# Jesse James Is going to fly a P-51!



## r2800doublewasp (Jul 28, 2009)

I don't know if you guys have heard of the new show called Jesse James is a Deadman, but its where Jesse does stunts like crashing a monster truck in to a house or running from the cops in a custom camaro. I was watching TV when an ad came on for it saying he is gonna race a P-51! As far as I know hes NOT a pilot and he has a tendency for destroying something in each episode ( for example a brand new monster truck....). Hopefully he doesn't crash the P-51.....


----------



## vikingBerserker (Jul 28, 2009)

Well, if he does crash it, at least the show has a good title.....


----------



## Ferdinand Foch (Jul 29, 2009)

vikingBerserker said:


> Well, if he does crash it, at least the show has a good title.....

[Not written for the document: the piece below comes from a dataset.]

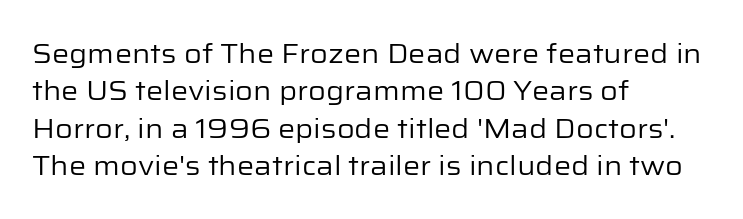
Interline gaps are of average width in this sample. Inter-character spacing is left at the font's built-in metrics. If you drew a line through each stem, it would be perfectly vertical. Words float on clear page, feet unadorned. Each line starts at the same left margin while the right side varies.

True VB, but I wonder if they could ever show something that destructive and violent on TV. 
As far as I'm concerned, Jesse James will be a deadman unless he takes some damn flying lessons.


----------



## beaupower32 (Jul 29, 2009)

Most like it will be a 2 seat P-51 and Jesse James will be riding in the back. I just dont see anyone who owns a Mustang giving it over to Jesse James so he can race it a few laps. But then again, anythings possible.


----------



## Catch22 (Jul 29, 2009)

Without having seen the commercial, my guess is what they meant by racing a P-51 is that he's going to be in a car that he's built and he's going to race _against_ a Mustang.


----------



## beaupower32 (Jul 29, 2009)

Well, I did some reading and found a interview where he says he races a P-51 at Reno and actuallys sets a new pylon record. Dont know how true it is, yall know how the internet is with rumors.


----------